## EXERCISE DESCRIPTION
Give again, word for word, every line below from the one that has "Diagnosis: Glioblastoma, IDH-wildtype" through the one that has "WHO grade: 4", both included, and no others.

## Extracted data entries

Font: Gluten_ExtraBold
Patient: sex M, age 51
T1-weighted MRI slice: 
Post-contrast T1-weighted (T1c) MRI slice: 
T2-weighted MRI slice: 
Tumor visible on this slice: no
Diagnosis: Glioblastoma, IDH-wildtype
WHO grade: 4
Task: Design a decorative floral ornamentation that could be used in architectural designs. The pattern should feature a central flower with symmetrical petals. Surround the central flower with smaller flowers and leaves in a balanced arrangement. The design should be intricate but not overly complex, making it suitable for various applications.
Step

...

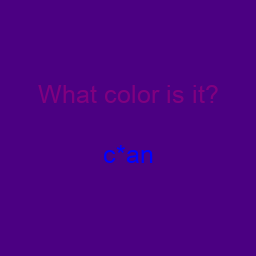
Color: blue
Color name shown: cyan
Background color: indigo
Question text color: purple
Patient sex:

--

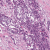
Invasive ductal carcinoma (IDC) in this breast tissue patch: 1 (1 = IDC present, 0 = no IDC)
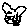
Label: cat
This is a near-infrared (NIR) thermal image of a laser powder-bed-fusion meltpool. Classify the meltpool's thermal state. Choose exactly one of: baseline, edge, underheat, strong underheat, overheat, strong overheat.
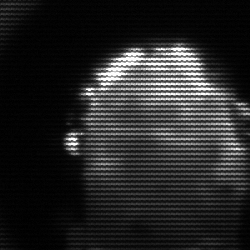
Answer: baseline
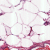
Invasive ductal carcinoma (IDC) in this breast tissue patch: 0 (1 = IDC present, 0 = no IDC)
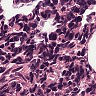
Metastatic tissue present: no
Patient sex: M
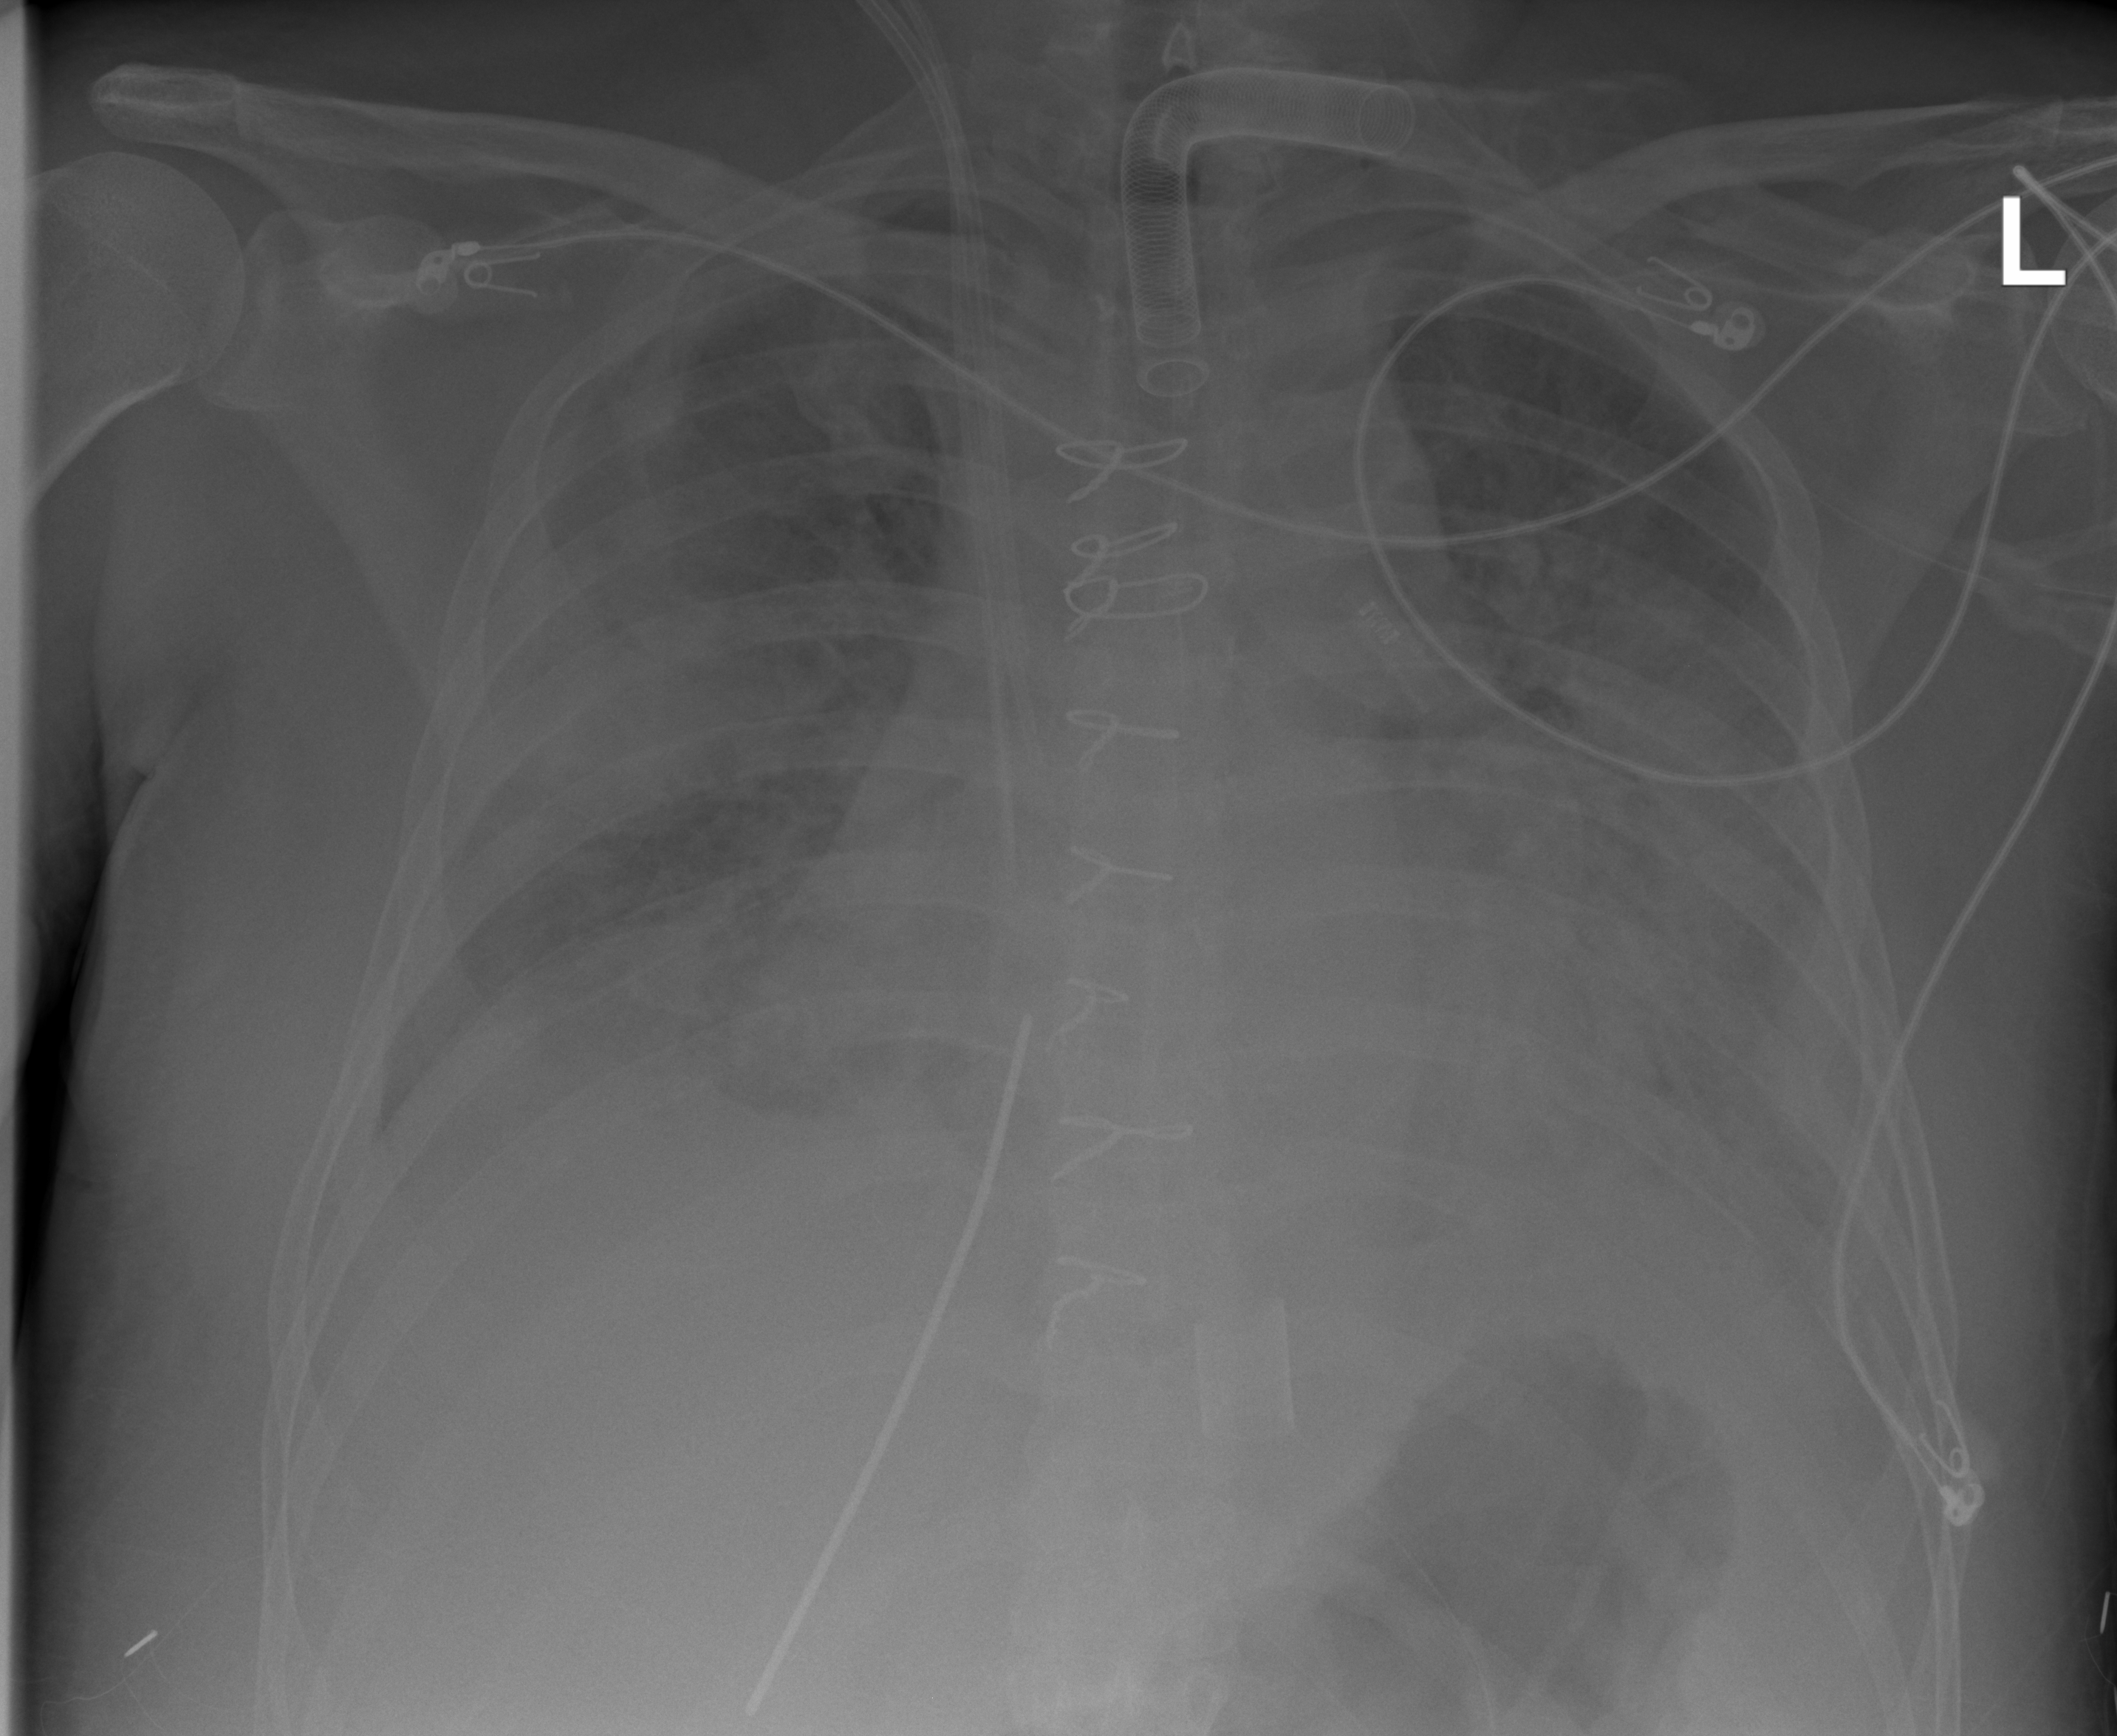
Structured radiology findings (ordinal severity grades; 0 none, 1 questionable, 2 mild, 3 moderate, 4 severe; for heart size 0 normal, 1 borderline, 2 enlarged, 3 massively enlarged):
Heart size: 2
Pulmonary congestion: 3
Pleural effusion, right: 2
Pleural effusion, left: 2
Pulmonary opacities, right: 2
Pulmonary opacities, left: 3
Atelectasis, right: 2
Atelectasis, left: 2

## SOLVED EXERCISE
Diagnosis: Glioblastoma, IDH-wildtype
WHO grade: 4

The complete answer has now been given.